## Recorded data
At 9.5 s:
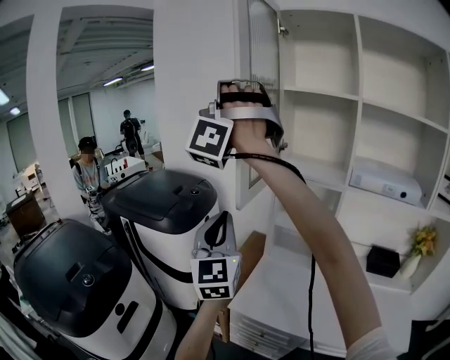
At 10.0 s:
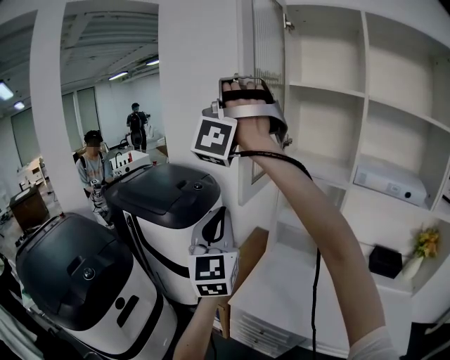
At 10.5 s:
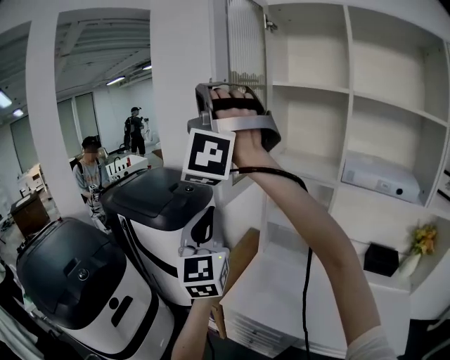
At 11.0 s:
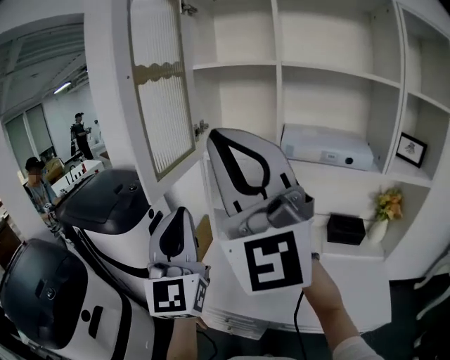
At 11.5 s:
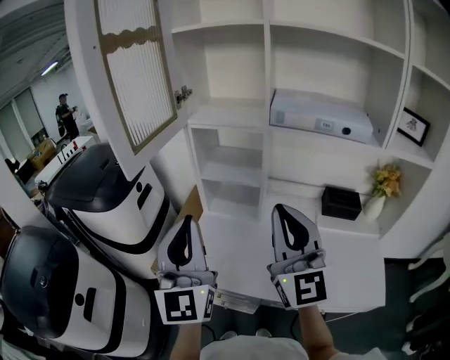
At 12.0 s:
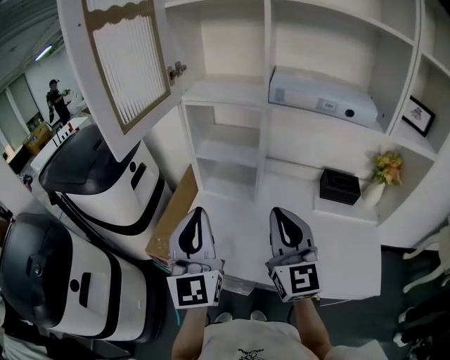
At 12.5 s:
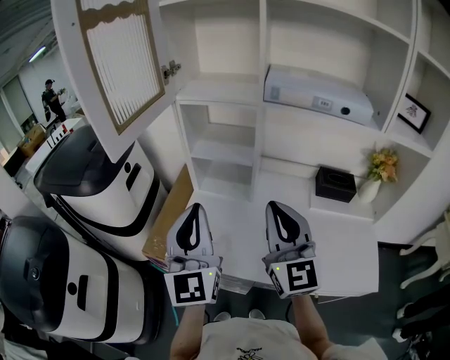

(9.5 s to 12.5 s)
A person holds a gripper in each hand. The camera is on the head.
9.5 s - 11.0 s: The left gripper goes some 15 cm to the right and backward, while the right gripper shifts roughly 30 cm to the right, backward and downward, and rolls clockwise, seen from behind, by approximately 50 degrees.
11.0 s - 12.5 s: The right gripper goes approximately 30 cm downward and to the right, and swivels approximately 40 degrees; the left gripper is displaced downward and to the right by some 15 cm.

## Problem details
Repeat the material exactly. Any picture in it should be dropped.

## Result
At 9.5 s:
At 10.0 s:
At 10.5 s:
At 11.0 s:
At 11.5 s:
At 12.0 s:
At 12.5 s:

(9.5 s to 12.5 s)
A person holds a gripper in each hand. The camera is on the head.
9.5 s - 11.0 s: The left gripper goes some 15 cm to the right and backward, while the right gripper shifts roughly 30 cm to the right, backward and downward, and rolls clockwise, seen from behind, by approximately 50 degrees.
11.0 s - 12.5 s: The right gripper goes approximately 30 cm downward and to the right, and swivels approximately 40 degrees; the left gripper is displaced downward and to the right by some 15 cm.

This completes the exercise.